Certainly this is not the only way to go, but it is rather simple
and will be easily understood as SKOS is quite common in the Linked
Data community. This might be called "Simple Darwin Core" and give
room for more complex ontology approaches beyond that.
Looking forward to discussion,
Thomas
[1] http://lod-cloud.net
[2] http://www.w3.org/TR/2009/NOTE-skos-primer-20090818/
[3] http://lod.geospecies.org/ses/v6n7p.rdf
Peter J. DeVries
Am 07.10.2010 19:29, schrieb Blum, Stan:
Re: [tdwg-content] Idea for Discussion,Differentiating
between "type's" of identifiers
Hi Steve,
Sorry, I missed your message below (as well as your response
to Roger) before I sent my reply about the utility of an RDF
guide for DwC. Obviously, I think it’s a great idea. To do
this within the “normal” TDWG process, this should be done as
a Task Group. I could help you draft a charter for that,
which would then need to be reviewed by the TAG and Exec.

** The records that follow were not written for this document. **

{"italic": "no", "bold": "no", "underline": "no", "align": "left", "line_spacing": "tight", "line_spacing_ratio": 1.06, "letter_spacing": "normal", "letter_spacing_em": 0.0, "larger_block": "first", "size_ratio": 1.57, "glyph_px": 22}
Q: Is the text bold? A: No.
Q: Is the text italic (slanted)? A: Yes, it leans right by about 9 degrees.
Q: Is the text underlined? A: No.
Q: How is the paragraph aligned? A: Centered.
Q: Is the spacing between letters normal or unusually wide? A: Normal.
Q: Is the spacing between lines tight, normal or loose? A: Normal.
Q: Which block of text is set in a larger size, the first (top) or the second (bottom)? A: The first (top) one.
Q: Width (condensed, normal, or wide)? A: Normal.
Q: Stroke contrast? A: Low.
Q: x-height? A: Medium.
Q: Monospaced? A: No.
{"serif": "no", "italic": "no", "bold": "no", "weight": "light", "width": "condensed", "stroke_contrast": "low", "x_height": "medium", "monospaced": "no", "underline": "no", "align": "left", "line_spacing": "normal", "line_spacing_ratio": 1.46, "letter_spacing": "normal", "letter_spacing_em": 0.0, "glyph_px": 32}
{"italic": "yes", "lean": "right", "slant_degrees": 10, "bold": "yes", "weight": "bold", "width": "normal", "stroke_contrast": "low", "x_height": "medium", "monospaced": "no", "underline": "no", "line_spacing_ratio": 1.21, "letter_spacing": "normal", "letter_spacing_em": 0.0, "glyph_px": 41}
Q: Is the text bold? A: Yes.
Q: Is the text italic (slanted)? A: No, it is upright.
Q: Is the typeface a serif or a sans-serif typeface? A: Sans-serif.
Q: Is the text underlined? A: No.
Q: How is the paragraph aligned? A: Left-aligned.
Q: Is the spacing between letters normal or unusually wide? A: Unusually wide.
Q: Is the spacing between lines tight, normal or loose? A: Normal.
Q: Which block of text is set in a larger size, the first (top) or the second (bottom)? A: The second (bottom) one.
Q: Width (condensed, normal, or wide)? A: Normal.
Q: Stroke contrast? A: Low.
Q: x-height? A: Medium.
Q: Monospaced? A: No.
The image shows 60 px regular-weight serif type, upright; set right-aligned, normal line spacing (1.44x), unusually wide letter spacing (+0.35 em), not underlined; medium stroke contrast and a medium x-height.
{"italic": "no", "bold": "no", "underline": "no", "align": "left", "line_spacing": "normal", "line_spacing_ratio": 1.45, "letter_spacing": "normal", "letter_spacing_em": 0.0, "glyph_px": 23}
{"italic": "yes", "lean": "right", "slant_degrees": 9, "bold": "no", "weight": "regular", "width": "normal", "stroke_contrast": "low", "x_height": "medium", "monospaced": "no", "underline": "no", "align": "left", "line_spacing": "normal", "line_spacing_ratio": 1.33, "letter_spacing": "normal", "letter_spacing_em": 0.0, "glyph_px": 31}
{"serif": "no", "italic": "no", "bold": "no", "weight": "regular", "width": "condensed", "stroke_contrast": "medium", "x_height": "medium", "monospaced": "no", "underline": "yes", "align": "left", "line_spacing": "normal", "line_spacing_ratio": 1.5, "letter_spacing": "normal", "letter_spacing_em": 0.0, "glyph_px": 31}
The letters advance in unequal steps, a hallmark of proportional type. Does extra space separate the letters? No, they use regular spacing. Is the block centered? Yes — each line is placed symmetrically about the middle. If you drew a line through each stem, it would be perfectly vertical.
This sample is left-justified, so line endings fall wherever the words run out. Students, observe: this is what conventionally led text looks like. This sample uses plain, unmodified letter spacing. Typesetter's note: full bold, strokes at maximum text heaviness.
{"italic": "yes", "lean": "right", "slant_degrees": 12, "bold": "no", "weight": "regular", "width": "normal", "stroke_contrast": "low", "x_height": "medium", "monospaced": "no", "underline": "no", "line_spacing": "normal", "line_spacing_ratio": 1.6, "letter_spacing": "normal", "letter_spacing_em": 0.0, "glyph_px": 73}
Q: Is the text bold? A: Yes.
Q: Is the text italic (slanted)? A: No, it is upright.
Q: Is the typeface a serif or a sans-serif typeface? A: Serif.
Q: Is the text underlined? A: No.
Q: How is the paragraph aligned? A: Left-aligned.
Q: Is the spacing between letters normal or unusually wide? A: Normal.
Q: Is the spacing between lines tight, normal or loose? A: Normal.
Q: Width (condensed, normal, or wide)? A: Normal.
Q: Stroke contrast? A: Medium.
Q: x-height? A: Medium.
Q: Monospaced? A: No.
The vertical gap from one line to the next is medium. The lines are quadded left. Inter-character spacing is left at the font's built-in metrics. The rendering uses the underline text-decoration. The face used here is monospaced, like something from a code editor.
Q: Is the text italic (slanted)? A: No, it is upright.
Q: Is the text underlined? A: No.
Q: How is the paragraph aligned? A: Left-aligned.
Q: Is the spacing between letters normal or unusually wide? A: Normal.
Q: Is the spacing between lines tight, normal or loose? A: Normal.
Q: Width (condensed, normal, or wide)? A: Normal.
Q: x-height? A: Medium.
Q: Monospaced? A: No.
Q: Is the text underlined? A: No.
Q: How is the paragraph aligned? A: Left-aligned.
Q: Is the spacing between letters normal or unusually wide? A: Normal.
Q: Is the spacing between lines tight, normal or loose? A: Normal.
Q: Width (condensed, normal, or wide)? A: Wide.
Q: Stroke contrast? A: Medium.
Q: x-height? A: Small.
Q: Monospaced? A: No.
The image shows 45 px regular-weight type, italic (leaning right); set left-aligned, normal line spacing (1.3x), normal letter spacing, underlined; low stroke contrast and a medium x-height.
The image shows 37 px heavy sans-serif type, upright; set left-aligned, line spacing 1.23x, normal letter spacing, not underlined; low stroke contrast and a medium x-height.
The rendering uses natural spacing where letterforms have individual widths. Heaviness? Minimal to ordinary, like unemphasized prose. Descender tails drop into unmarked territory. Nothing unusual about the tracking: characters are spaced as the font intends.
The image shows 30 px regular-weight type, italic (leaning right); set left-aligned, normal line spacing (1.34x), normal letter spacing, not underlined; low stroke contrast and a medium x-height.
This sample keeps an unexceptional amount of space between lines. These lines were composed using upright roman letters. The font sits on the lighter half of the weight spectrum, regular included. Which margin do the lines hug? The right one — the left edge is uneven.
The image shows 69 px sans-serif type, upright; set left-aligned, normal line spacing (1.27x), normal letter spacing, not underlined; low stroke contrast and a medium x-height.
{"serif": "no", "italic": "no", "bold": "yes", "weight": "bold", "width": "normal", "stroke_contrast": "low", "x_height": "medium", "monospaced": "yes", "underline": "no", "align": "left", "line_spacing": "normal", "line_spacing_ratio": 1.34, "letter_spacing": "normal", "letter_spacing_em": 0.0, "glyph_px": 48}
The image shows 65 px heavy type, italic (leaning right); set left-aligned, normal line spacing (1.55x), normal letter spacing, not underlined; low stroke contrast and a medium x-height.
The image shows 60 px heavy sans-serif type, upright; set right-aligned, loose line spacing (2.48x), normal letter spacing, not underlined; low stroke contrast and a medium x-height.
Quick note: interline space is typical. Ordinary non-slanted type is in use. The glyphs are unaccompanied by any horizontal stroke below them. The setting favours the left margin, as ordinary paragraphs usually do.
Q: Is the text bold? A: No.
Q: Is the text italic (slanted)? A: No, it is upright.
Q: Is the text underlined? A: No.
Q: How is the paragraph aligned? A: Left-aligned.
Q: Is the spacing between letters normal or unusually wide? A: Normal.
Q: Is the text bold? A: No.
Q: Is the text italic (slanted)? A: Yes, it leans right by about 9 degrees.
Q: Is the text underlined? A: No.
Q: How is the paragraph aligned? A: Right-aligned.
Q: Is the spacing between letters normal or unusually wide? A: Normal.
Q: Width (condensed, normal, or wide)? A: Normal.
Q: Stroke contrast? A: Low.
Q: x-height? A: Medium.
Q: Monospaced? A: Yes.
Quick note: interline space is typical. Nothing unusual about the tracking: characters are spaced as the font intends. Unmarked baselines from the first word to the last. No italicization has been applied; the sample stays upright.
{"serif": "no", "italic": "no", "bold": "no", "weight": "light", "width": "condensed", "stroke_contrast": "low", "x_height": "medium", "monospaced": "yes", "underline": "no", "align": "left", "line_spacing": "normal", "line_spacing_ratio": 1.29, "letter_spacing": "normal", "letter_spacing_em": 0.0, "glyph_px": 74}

Once approved, we would put the charter up on the web site,
and do our best to provide any other resources that would help
speed the task. I don’t mean to slow you down. The Charter
doesn’t have to be elaborate. It’s function is to let others
in TDWG and beyond know that this task is proceeding, who to
contact, how to get involved, etc. It also gives you the
backing of the TDWG community.
Let me know if you’d like to pursue this.
-Stan
On 10/7/10 7:41 AM, "Steve Baskauf" <steve.baskauf@vanderbilt.edu>
wrote:
I agree that it is best to avoid a
proliferation of terms and I agree that it is best to keep
Darwin Core technology independent to the maximum extent
possible. However, I think that the case of facilitating
HTTP URIs is a special one because of the requirements of
GUIDs/Persistent Identifiers. Both the TDWG and GBIF
guidelines such as they currently stand say that GUIDs must
be resolvable, that in their resolution they must return
RDF, and that the RDF has to be in an XML format. Like it
or not, that is what we have. Given the amount of time that
it seems to have taken to settle on that much, I think it is
best for us to decide to live with it, warts and all, rather
than re-opening the discussion and delaying the
implementation of GUIDs for another five years.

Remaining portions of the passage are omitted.